Task directions » Below are the entries to work from; restate word for word the portion that opens with the line containing "#53185 = CIRCLE ( 'NONE', #69796, 45.5 ) ;" and closes with the line containing "#68700 = DIRECTION", keeping both.

Provided data »
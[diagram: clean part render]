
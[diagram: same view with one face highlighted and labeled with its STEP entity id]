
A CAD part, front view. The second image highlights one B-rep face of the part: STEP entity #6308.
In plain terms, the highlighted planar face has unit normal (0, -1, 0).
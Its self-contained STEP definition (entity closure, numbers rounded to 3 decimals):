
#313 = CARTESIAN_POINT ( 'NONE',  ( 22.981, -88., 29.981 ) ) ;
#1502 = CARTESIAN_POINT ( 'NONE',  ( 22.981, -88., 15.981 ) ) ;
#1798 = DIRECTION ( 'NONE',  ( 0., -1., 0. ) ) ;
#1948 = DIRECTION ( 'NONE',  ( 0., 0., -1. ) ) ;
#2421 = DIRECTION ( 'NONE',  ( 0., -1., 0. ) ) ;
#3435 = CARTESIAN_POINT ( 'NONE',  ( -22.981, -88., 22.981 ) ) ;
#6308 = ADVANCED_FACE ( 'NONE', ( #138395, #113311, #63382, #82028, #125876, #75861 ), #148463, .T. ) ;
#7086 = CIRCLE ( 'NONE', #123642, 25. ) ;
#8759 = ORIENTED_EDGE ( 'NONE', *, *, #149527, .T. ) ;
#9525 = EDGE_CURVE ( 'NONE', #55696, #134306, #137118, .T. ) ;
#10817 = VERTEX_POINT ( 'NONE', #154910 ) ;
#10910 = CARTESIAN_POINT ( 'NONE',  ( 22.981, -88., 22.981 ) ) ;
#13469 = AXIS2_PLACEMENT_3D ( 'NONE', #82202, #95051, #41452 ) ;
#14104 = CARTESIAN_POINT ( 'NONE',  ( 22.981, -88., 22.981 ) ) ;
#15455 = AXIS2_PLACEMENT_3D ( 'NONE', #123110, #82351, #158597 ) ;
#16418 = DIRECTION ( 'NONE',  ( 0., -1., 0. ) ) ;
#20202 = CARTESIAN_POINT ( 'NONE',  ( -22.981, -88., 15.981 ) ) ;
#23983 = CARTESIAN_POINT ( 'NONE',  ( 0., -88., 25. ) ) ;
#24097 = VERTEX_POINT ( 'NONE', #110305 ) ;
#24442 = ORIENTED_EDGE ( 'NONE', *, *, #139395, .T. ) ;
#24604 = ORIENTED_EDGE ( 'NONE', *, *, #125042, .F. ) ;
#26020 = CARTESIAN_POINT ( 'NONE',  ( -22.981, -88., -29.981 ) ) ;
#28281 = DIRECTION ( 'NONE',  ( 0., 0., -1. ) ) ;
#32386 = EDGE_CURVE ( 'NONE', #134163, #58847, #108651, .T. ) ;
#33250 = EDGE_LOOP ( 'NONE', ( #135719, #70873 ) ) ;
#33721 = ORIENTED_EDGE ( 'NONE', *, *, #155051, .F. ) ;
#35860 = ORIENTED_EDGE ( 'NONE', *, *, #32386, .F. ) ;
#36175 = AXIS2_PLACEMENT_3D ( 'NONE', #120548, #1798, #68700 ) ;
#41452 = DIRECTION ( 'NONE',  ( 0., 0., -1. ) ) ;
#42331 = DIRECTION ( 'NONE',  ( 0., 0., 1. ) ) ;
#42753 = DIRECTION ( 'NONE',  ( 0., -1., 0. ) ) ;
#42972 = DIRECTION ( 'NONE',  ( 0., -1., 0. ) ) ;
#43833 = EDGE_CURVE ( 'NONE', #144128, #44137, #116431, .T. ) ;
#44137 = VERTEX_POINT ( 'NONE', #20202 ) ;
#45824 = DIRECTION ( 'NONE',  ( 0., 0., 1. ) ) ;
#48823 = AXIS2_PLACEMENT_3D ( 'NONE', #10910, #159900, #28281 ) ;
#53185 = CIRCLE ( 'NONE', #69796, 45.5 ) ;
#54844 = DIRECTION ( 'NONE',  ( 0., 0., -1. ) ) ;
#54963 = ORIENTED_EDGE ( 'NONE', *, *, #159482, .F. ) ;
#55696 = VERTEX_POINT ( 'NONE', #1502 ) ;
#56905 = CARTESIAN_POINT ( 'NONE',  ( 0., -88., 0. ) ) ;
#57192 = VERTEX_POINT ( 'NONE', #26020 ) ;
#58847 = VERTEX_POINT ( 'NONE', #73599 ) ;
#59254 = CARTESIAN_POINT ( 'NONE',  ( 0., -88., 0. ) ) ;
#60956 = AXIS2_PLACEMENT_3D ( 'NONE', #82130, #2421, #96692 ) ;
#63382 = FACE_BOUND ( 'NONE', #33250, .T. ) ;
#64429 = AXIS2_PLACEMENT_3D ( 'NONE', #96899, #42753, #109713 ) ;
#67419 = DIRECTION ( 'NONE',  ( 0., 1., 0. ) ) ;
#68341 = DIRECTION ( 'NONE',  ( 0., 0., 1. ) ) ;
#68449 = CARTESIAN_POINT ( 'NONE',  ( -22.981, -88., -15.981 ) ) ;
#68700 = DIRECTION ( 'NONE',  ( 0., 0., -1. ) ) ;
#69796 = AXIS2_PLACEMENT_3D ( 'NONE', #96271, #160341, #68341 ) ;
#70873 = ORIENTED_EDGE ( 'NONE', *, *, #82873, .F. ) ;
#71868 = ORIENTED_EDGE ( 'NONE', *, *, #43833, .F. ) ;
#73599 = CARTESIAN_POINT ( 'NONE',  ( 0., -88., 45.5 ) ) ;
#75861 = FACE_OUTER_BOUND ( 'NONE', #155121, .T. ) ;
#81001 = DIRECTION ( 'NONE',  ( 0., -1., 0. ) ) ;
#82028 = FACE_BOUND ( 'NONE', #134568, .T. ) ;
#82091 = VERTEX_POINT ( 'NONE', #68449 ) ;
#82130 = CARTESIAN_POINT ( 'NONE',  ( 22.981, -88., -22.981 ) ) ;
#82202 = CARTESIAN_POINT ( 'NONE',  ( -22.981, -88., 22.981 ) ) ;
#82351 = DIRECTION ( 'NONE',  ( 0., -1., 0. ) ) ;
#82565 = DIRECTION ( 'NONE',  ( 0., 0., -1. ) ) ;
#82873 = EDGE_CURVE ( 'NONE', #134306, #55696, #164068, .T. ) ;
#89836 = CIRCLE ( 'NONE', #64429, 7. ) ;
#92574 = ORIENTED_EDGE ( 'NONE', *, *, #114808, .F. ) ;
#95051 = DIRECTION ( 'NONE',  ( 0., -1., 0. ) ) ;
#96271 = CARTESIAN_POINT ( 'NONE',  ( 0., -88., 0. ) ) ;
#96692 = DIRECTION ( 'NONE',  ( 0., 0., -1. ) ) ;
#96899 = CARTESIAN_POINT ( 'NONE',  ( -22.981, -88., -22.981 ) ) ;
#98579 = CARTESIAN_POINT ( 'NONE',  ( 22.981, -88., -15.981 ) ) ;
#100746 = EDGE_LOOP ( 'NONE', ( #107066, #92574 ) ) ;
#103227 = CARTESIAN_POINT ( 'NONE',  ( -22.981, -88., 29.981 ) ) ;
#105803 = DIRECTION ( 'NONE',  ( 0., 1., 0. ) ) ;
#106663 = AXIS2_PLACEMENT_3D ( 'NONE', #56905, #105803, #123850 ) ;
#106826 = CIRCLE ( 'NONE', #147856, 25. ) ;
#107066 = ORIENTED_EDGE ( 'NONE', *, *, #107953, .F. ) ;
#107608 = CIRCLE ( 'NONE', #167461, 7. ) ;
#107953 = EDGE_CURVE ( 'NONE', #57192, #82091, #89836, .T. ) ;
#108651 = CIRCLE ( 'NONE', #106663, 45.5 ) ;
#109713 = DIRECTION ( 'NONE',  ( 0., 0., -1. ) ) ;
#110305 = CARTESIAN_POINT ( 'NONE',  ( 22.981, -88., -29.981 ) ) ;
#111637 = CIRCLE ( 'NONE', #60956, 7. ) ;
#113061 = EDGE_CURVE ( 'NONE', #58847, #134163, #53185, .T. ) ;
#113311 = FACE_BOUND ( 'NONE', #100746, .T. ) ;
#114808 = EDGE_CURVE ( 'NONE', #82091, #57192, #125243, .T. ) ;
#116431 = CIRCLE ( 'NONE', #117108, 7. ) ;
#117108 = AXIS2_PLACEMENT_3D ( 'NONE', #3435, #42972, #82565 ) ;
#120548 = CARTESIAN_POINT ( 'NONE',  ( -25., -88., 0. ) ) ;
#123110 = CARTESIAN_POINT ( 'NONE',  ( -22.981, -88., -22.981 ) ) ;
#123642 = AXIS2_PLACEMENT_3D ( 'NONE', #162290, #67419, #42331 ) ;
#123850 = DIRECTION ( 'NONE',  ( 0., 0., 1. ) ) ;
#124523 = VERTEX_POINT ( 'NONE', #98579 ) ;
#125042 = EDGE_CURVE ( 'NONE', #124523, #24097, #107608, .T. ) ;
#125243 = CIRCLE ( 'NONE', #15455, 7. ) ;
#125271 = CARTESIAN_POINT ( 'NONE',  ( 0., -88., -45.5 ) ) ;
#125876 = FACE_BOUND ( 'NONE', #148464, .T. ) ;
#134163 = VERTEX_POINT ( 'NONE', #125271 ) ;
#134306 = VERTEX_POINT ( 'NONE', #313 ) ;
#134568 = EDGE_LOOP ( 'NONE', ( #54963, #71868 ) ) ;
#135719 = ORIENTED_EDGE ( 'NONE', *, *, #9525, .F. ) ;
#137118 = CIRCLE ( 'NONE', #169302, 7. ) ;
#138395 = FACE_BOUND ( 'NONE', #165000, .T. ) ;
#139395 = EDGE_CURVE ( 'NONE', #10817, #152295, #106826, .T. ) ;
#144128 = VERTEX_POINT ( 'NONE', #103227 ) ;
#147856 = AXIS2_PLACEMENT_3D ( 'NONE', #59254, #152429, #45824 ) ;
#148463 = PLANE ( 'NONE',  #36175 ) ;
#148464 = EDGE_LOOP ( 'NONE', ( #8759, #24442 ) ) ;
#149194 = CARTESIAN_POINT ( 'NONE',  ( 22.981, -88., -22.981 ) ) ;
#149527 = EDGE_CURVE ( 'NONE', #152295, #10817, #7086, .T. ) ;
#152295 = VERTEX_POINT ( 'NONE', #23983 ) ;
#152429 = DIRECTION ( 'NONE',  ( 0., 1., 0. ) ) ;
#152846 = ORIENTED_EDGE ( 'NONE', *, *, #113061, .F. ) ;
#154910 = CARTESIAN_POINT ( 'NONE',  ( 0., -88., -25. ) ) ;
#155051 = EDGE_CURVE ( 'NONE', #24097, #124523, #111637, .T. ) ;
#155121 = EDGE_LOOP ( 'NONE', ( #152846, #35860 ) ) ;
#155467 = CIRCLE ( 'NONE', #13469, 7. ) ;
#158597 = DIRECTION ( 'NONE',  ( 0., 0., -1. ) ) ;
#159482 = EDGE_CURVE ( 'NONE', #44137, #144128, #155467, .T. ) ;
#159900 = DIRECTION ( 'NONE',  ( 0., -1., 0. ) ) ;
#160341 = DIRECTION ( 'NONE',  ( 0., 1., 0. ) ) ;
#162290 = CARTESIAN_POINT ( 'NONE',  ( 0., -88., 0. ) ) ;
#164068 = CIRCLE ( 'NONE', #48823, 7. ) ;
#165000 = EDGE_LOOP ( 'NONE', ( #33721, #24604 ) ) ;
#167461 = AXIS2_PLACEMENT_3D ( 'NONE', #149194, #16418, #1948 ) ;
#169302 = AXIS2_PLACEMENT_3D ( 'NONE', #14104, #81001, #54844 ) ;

Answer box »
#53185 = CIRCLE ( 'NONE', #69796, 45.5 ) ;
#54844 = DIRECTION ( 'NONE',  ( 0., 0., -1. ) ) ;
#54963 = ORIENTED_EDGE ( 'NONE', *, *, #159482, .F. ) ;
#55696 = VERTEX_POINT ( 'NONE', #1502 ) ;
#56905 = CARTESIAN_POINT ( 'NONE',  ( 0., -88., 0. ) ) ;
#57192 = VERTEX_POINT ( 'NONE', #26020 ) ;
#58847 = VERTEX_POINT ( 'NONE', #73599 ) ;
#59254 = CARTESIAN_POINT ( 'NONE',  ( 0., -88., 0. ) ) ;
#60956 = AXIS2_PLACEMENT_3D ( 'NONE', #82130, #2421, #96692 ) ;
#63382 = FACE_BOUND ( 'NONE', #33250, .T. ) ;
#64429 = AXIS2_PLACEMENT_3D ( 'NONE', #96899, #42753, #109713 ) ;
#67419 = DIRECTION ( 'NONE',  ( 0., 1., 0. ) ) ;
#68341 = DIRECTION ( 'NONE',  ( 0., 0., 1. ) ) ;
#68449 = CARTESIAN_POINT ( 'NONE',  ( -22.981, -88., -15.981 ) ) ;
#68700 = DIRECTION ( 'NONE',  ( 0., 0., -1. ) ) ;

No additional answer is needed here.